Elu à la magistrature
suprême en mars dernier, après trois vaines tentatives, cet ingénieur
des Mines et mathématicien, formé notamment à Montpellier, Paris-VI et
Saint-Etienne, n'a rien d'un novice en politique. Socialiste de coeur,
il fut tour à tour, dans les années 1990, Premier ministre, puis
président de l'Assemblée nationale. Impact de la révolution libyenne, terrorisme,
gel des investissements d'Areva, crise alimentaire dans le Sahel: pour
LExpress.fr, l'ex-opposant adoubé par les urnes détaille ses analyses.
Très tôt, vous avez mis en garde contre
l'effet déstabilisateur, pour la région, du soulèvement fatal à Mouammar
Kadhafi. Les faits ont il validé votre diagnostic ?
Le pire n'est
jamais sûr. Il est vrai que le déclenchement de la révolution libyenne
avait suscité chez nous beaucoup d'inquiétude quant à ses effets
collatéraux sur le Sahel en général et le Niger en particulier. Il y a
eu des conséquences sécuritaires, économiques et sociales. Sur le plan
sécuritaire, le pillage des dépôts d'armes en Libye a engendré un
phénomène de dissémination dans toute la zone sahélo-saharienne ; d'où
les accrochages récents entre l'armée nigérienne et des bandits armés et
autres trafiquants.
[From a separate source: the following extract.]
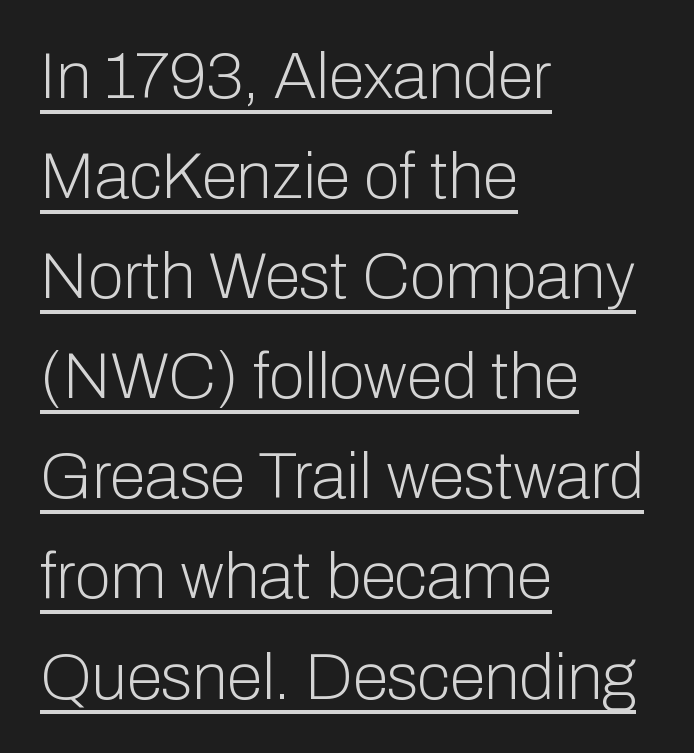
The typesetting does not lean heavy: it is not bold. Nothing sits at the stroke ends, so this counts as sans-serif. Each word holds together tightly as a unit, with standard inter-letter gaps. The vertical gap from one line to the next is medium.
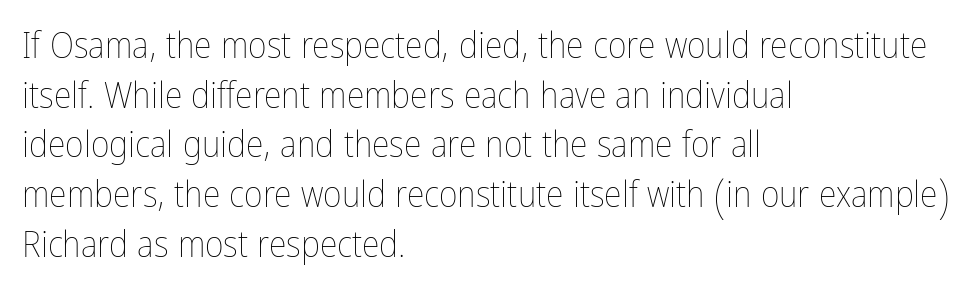
The image shows 36 px thin, condensed type, upright; set left-aligned, normal line spacing (1.38x), normal letter spacing, not underlined; low stroke contrast and a medium x-height.
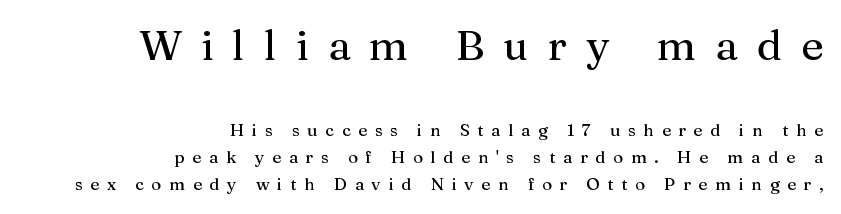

S'agissant de l'économie, il existait des relations
très fortes entre le Niger et la Libye, relations interrompues tout
comme les investissements libyens dans le domaine des infrastructures,
tel le chantier, aujourd'hui arrêté, de cette longue route allant sur
1100 km de la frontière à Agadez. Par ailleurs, le rapatriement de
260000 travailleurs nigériens a stoppé l'envoi d'argent aux parents
restés au pays. Ce qui bien sûr grève les revenus de ces familles.
Enfin, en matière sociale, on ne peut pas employer tous ces migrants
ayant perdu leur travail côté libyen. Avant même la chute de Kadhafi, le
Sahel était soumis à des menaces. La menace d'Aqmi [Al-Qaeda au Maghreb
islamique], mais aussi la menace d'organisations criminelles vouées au
trafic de drogue, d'armes ou d'êtres humains. Le séisme libyen a
amplifié ces périls. Au début, nous avons craint la " somalisation " de
notre voisin du nord ou la confiscation du pouvoir par les terroristes
et les intégristes. Mais la mise en place d'un gouvernement à Tripoli
nous rend de plus en plus optimistes. Nous espérons que les nouvelles
autorités vont créer les conditions de la stabilisation et nous
souhaitons que la normalisation engagée se consolide. Même si des
préoccupations demeurent, telle la présence en Libye même de nombreux
groupes pas encore désarmés, facteurs d'insécurité.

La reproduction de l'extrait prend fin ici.